B. The Owner desires to
acquire hotels to be operated by Marriott or one of its affiliates.
Marriott desires to have additional hotels managed by Marriott or
its affiliates. In consideration of the foregoing, the Owner and
Marriott currently desire to have a strategic relationship between
them which will further the goals and objectives of both
parties.
C. Marriott and the Owner
mutually believe that the strategic relationship between them will
further the goals and interests of each of them. Marriott and the
Owner further mutually believe that it is in the best interests of
each of them that the terms of the strategic relationship between
them remain flexible, non-binding and subject to change or
cancellation by either party, except as otherwise set forth in this
Agreement.
In consideration of the
foregoing, and in order to promote their mutual and joint
interests, the Owner and Marriott hereby agree as
follows:
1. Agreement. Marriott
covenants and agrees that for the period beginning on July 1, 2004
and ending on June 30, 2006 (the “Term”), Marriott will
not enter into any Marriott Restricted Agreement.

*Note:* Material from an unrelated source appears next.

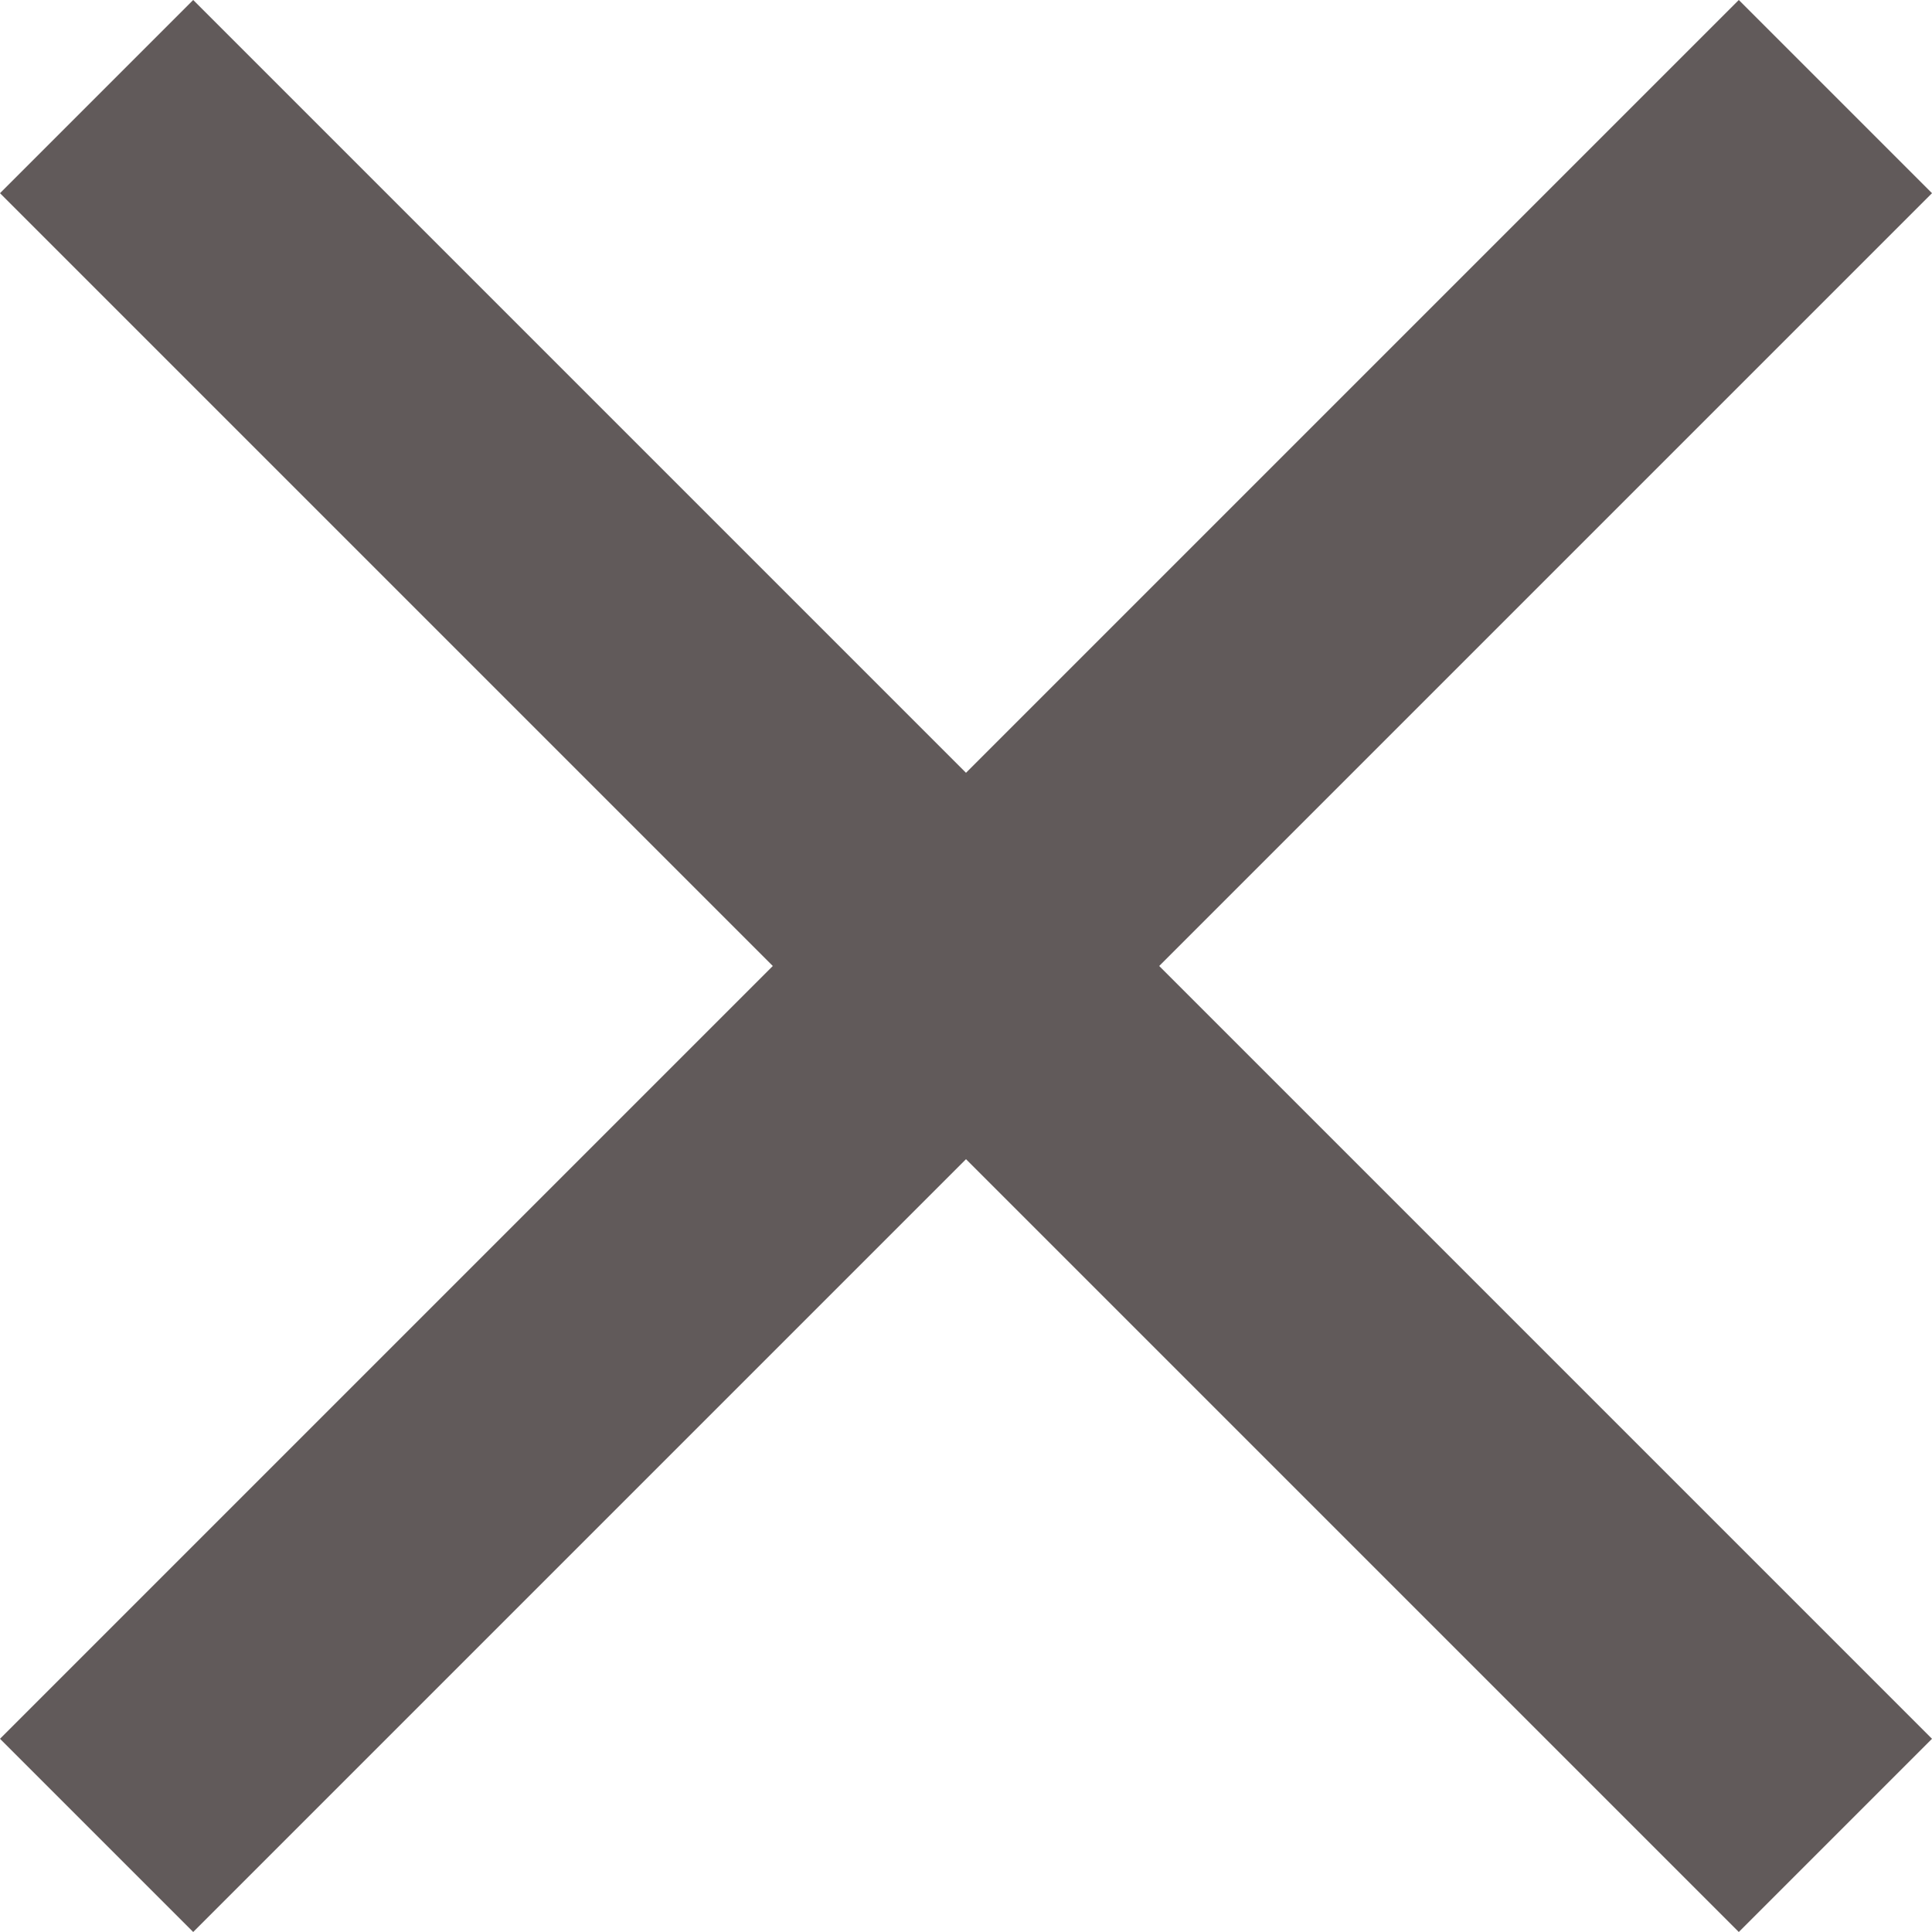 <svg width="32" height="32" fill="none" xmlns="http://www.w3.org/2000/svg"><path d="M32 28.8 19.2 16 32 3.2 28.8 0 16 12.8 3.2 0 0 3.2 12.8 16 0 28.8 3.2 32 16 19.2 28.8 32l3.2-3.2Z" fill="#615a5a"/></svg>

Notwithstanding
the foregoing, Marriott retains the right to enter into written
agreements affecting opportunities in any geographic area comprised
of less than 10% of the United States by population. The Owner
covenants and agrees that during the Term, the Owner will not enter
into any Owner Restricted Agreement. Notwithstanding the foregoing,
the Owner retains the right to enter into written agreements
affecting opportunities in geographic areas comprised of less than
10% of the United States by population. For the avoidance of doubt,
the foregoing is not intended to modify or affect (i) any duty of
Marriott to an owner or franchisee under any existing management or
franchise agreements or other currently existing arrangement or
(ii) either party’s right to enter into any agreement with
any third party to acquire, develop, buy or sell, or manage hotels
in any given location provided that such agreement is not a
Marriott Restricted Agreement or an Owner Restricted
Agreement.
(a) a “Marriott
Restricted Agreement” means a written agreement or series of
written agreements that require Marriott to grant any third party
the right to receive information from Marriott concerning
opportunities to purchase full service, urban select service or
urban extended stay hotel in the United States, or in any region
thereof, prior to such opportunities being presented to
Owner;
(b) an “Owner
Restricted Agreement” means a written agreement or series of
written agreements that require Owner to grant any third party the
right to receive information from Owner concerning potential
opportunities to provide hotel management services for full
service, urban select service or urban extended-stay hotels in the
United States, or in any region thereof, prior to such opportunity
being presented to Marriott; and
(c) “Urban select
service” or “urban extended stay” hotels shall
mean those select service and extended stay hotels located in
central business districts in cities with a population of not less
than five hundred thousand (500,000) persons as determined by the
most currently available U.S. census tract maps.
2. Representations and
Warranties of the Owner. The Owner represents and warrants to
Marriott as follows as of the Effective Date:
(a) The Owner has been duly
incorporated, is validly existing and is in good standing in the
State of Maryland and has been duly qualified to transact business
and is in good standing in each jurisdiction in which the nature of
its business so requires. The Owner has all the requisite power and
authority to enter into and comply with its obligations under this
Agreement.
(b) The execution, delivery
and performance of this Agreement and all of the documents and
instruments required hereby are within the power of the Owner and
have been duly authorized by all necessary action of the Owner.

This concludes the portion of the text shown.